A reduction of the amount of RNA pol II does not suppress the growth defect of the rat8-2 mutant
We considered the possibility that truncated Rpb2tp might cause a reduction in RNA pol II activity, as a result of the presence of non-functional RNA pol II holoenzymes (those containing the truncated Rpb2tp) competing with functional ones. To check if a reduction of the amount of different subunits of RNA pol II would be able to suppress the growth defect shown by the rat8-2 mutant at restrictive temperature, we tested strains in which the promoters of different RNA pol II subunits had been replaced by the regulatable tetO promoter. Figure 2 shows that strains expressing the RPB1, RPB2 or RPB7 genes under the control of the tetO promoter were able to grow to different extents at low doxycycline concentration (1 μg/ml). However the reduction of RPB1, RPB2 and RPB7 expression further impaired, rather than enhanced, the growth defect of the rat8-2 mutant at the semi-restrictive temperature. In addition, we observed that deletion of the non-essential RPB9 gene also had a negative effect on the growth of rat8-2 at 34°C (data not shown). Therefore, these findings demonstrate that reducing the amount of RNA pol II is not sufficient to suppress the growth defect of rat8-2.
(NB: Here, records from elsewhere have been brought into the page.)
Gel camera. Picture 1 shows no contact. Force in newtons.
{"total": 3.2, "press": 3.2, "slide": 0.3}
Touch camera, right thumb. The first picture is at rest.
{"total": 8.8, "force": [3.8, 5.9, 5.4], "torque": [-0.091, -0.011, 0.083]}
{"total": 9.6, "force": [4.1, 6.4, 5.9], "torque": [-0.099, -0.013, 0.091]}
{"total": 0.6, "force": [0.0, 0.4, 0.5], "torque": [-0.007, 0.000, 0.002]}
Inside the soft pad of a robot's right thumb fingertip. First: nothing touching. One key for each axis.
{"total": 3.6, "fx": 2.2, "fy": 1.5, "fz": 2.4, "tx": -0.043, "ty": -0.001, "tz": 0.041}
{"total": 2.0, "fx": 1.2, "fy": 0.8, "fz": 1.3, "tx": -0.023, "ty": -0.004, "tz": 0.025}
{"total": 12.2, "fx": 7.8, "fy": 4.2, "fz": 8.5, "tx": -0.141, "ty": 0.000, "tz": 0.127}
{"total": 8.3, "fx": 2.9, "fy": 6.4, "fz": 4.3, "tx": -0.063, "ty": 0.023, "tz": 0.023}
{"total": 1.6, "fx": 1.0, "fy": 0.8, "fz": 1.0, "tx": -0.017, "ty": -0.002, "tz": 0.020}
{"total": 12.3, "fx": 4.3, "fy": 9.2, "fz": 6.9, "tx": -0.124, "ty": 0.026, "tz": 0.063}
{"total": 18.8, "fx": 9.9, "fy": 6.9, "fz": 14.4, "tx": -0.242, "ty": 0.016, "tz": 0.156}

Genetic interactions of mRNA export factor mutants with components of RNA pol II general transcription factors (GTFs)
The suppression of dbp5/rat8 mutations by mutations in SSL1, encoding a subunit of TFIIH  prompted us to analyze the genetic interactions of rat8-2 with other general transcription factors (GTFs). We replaced the promoter of the TFIIH-component TFB1 with the doxycycline-repressible promoter containing tetO. As shown in Figure 3A, the partial depletion of Tfb1p alleviated the growth defect of the rat8-2 mutant at 34°C.
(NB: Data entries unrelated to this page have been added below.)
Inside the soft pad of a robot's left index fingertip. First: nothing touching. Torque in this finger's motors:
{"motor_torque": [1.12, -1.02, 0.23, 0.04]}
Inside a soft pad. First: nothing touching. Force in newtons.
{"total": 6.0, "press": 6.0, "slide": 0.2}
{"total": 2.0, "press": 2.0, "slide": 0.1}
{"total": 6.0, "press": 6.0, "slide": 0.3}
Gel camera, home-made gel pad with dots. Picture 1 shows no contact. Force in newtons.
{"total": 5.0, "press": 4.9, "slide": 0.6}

Next, we analyzed the genetic interactions between rat8-2 and mutants affecting TFIIA and TFIIB. We tested the TFIIA components encoded by the TOA1 and TOA2 genes. In the case of TOA1, we combined the rat8-2 mutation with toa1-2, an allele isolated as suppressor of a defect in NC2 function . As it has been mentioned above, mutations of dbp5 were found to be synthetically lethal with mutations in the gene encoding the NC2-component Bur6p. In the case of Toa2p, we used four different single point mutants of TOA2. Both rat8-2 toa2 (Figure 3B) and rat8-2 toa1 (Figure 3C) double mutants grew notably more slowly at semi-restrictive temperature than the single mutants. Similarly, we observed that rat8-2 was synthetically lethal at 30°C with a temperature sensitive allele of SUA7 (sua7-4), encoding TFIIB , although both single mutants grew well at 30° (Figure 3D and data not shown).
Taken together, these genetic analyses indicate that the pattern of synthetic lethality and suppression cannot be explained by the simple model related to increasing or decreasing the overall amount of transcription.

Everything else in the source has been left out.